**Problem details**
The lines you return must be all those in the data that hold the string "aligned".

**Records for the exercise**
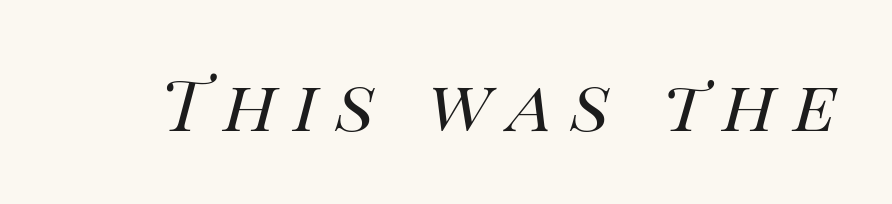
The image shows 70 px regular-weight type, italic (leaning right); set unusually wide letter spacing (+0.25 em), not underlined; high stroke contrast and a large x-height.
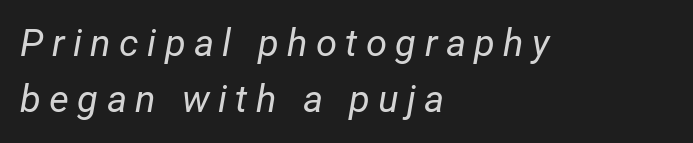
Q: Is the text bold? A: No.
Q: Is the text italic (slanted)? A: Yes, it leans right by about 12 degrees.
Q: Is the text underlined? A: No.
Q: How is the paragraph aligned? A: Left-aligned.
Q: Is the spacing between letters normal or unusually wide? A: Unusually wide.
Q: Is the spacing between lines tight, normal or loose? A: Normal.
Q: Width (condensed, normal, or wide)? A: Normal.
Q: Stroke contrast? A: Low.
Q: x-height? A: Medium.
Q: Monospaced? A: No.
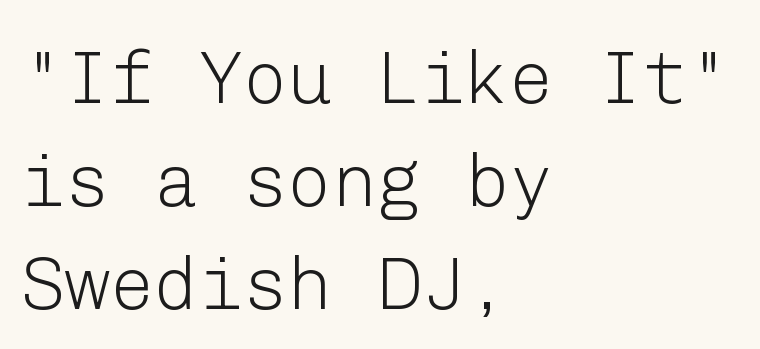
Rows of type keep a routine distance in the vertical direction. Observe the ordinary spacing: letters are neighbours, not strangers. Rendered with straight, roman letterforms. The passage shown is not bold in any degree.
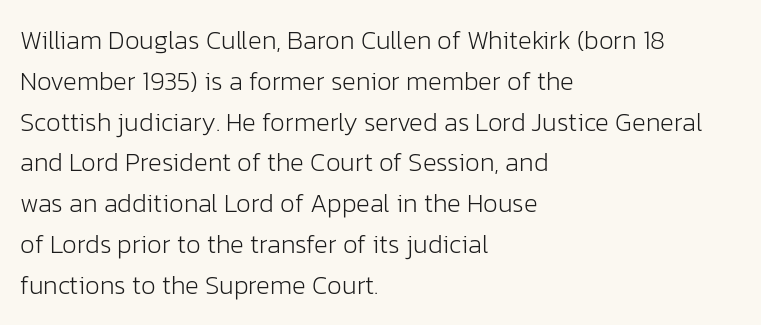
The gap between lines stays unmarked. No extra tracking has been applied to these lines. Does the leading feel generous? No, just average. Short and long lines alike share a common starting point at left.
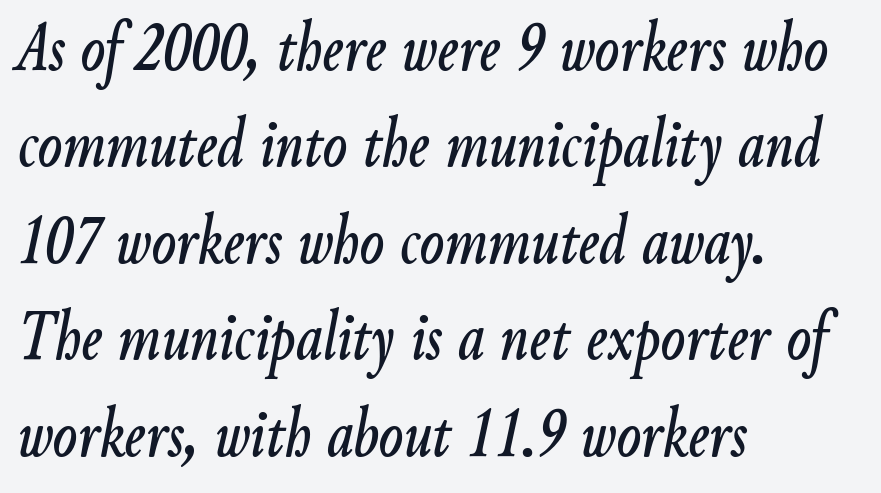
{"italic": "yes", "lean": "right", "slant_degrees": 9, "width": "condensed", "stroke_contrast": "low", "x_height": "small", "monospaced": "no", "underline": "no", "align": "left", "line_spacing": "normal", "line_spacing_ratio": 1.34, "letter_spacing": "normal", "letter_spacing_em": 0.0, "glyph_px": 72}
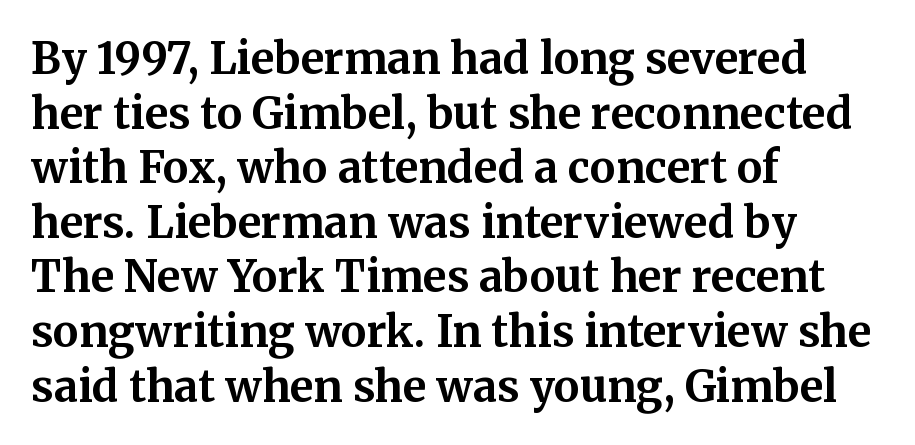
How heavy is the stroke? Heavy — this is a bold. There is no visible air inserted between adjacent glyphs. The letters advance in unequal steps, a hallmark of proportional type. This sample keeps an unexceptional amount of space between lines. The glyphs in this specimen are seriffed.
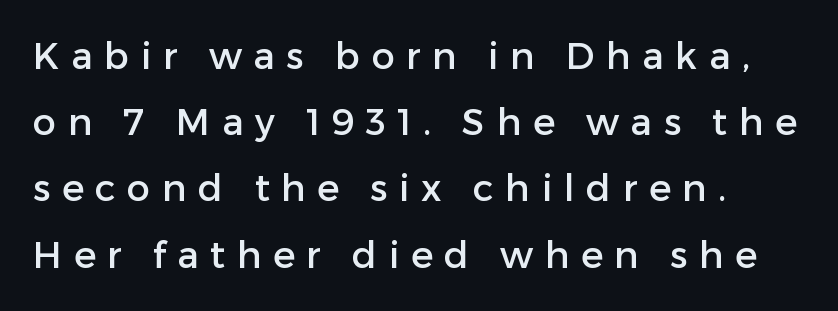
The image shows 37 px sans-serif type, upright; set left-aligned, line spacing 1.79x, unusually wide letter spacing (+0.31 em), not underlined; low stroke contrast and a medium x-height.
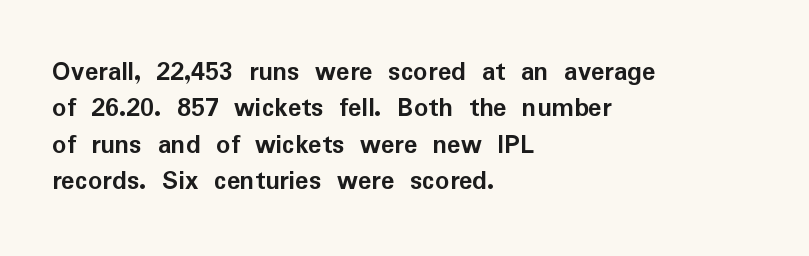
{"serif": "no", "italic": "no", "bold": "yes", "weight": "semibold", "width": "normal", "stroke_contrast": "low", "x_height": "medium", "monospaced": "no", "underline": "no", "align": "left", "line_spacing": "normal", "line_spacing_ratio": 1.3, "letter_spacing": "normal", "letter_spacing_em": 0.0, "glyph_px": 28}
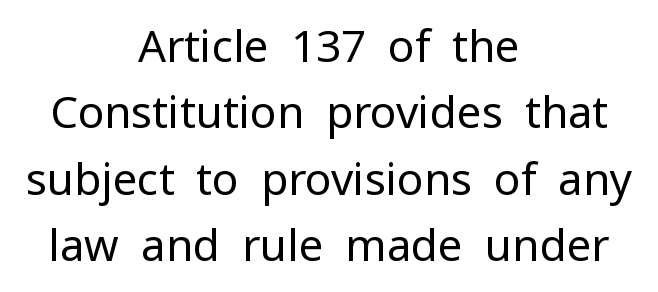
Q: Is the text bold? A: No.
Q: Is the text italic (slanted)? A: No, it is upright.
Q: Is the typeface a serif or a sans-serif typeface? A: Sans-serif.
Q: Is the text underlined? A: No.
Q: How is the paragraph aligned? A: Centered.
Q: Is the spacing between letters normal or unusually wide? A: Normal.
Q: Is the spacing between lines tight, normal or loose? A: Normal.
Q: Width (condensed, normal, or wide)? A: Normal.
Q: Stroke contrast? A: Low.
Q: x-height? A: Medium.
Q: Monospaced? A: No.

**Task result**
Q: How is the paragraph aligned? A: Left-aligned.
The image shows 37 px sans-serif type, upright; set left-aligned, line spacing 1.79x, unusually wide letter spacing (+0.31 em), not underlined; low stroke contrast and a medium x-height.
Q: How is the paragraph aligned? A: Centered.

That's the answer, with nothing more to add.